In between times, he tells bizarre stories to the author of this collection, who duly records them for our reading pleasure.

The format used in these pages has been employed successfully throughout the history of storytelling. Lefty relates to narrator “Bob” (and thereby to us) wildly incredible tales involving himself and a scattering of acquaintances and friends you wouldn’t find this side of Elmore Leonard.

Mixed Batch of Stories

They have names like Gorilla Gabface, Out-of-Business Oscar and Gallstone the Magician. They are forever being caught up in scams and schemes that somehow end up entangling Lefty as well and always leave him sadder but wiser.

The stories are a mixed batch.

Some are fractured retellings of familiar fairy tales. For example, “Time Wounds All Heels” reworks the Rip Van Winkle legend; “Jerk the Giant Killer” is a retelling of Jack and the Beanstalk; and “The Golden Opportunity of Lefty Feep” updates the Midas fable.
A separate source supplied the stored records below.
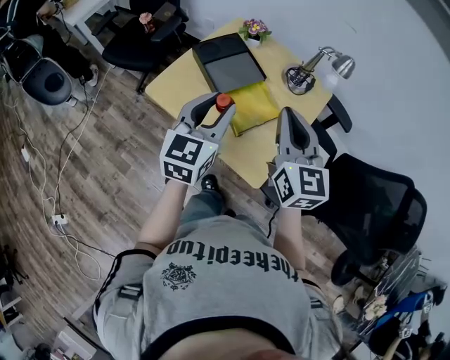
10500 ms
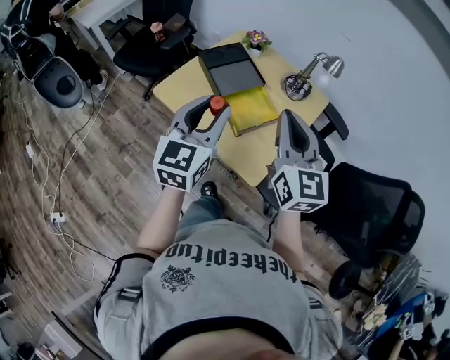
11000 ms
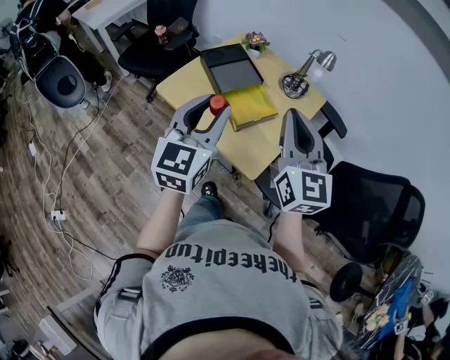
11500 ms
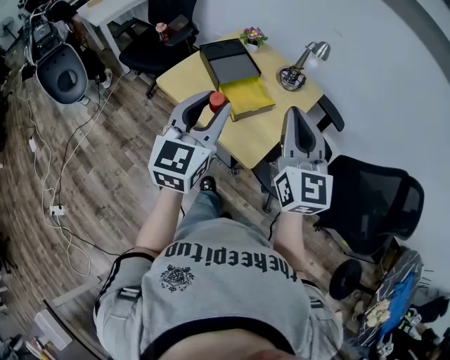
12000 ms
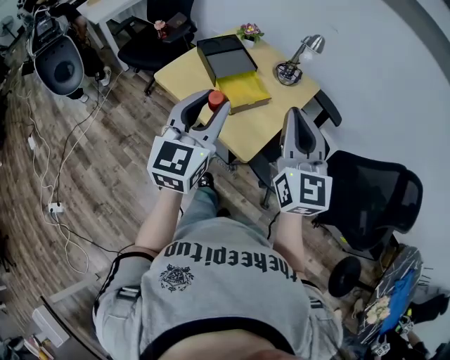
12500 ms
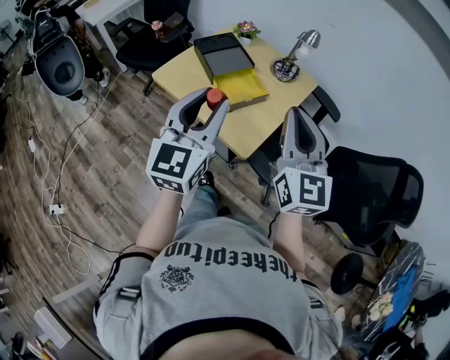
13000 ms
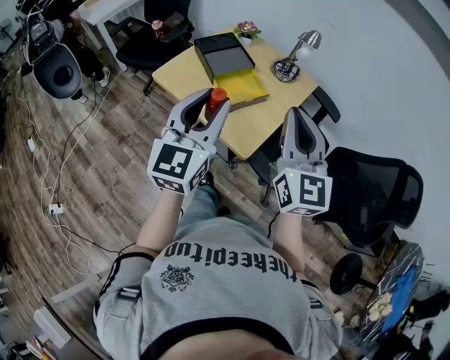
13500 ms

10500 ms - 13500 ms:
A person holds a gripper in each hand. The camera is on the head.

Others are modern fairy tales involving such time-honored magic as flying carpets and invisibility.

Some work better than others. The Rip Van Winkle and King Midas legends, for example, seem timeless in their application, even in the context of the language and events of the decade for which they obviously were written, while the tales involving Nazis and Japanese spies seem a bit dated.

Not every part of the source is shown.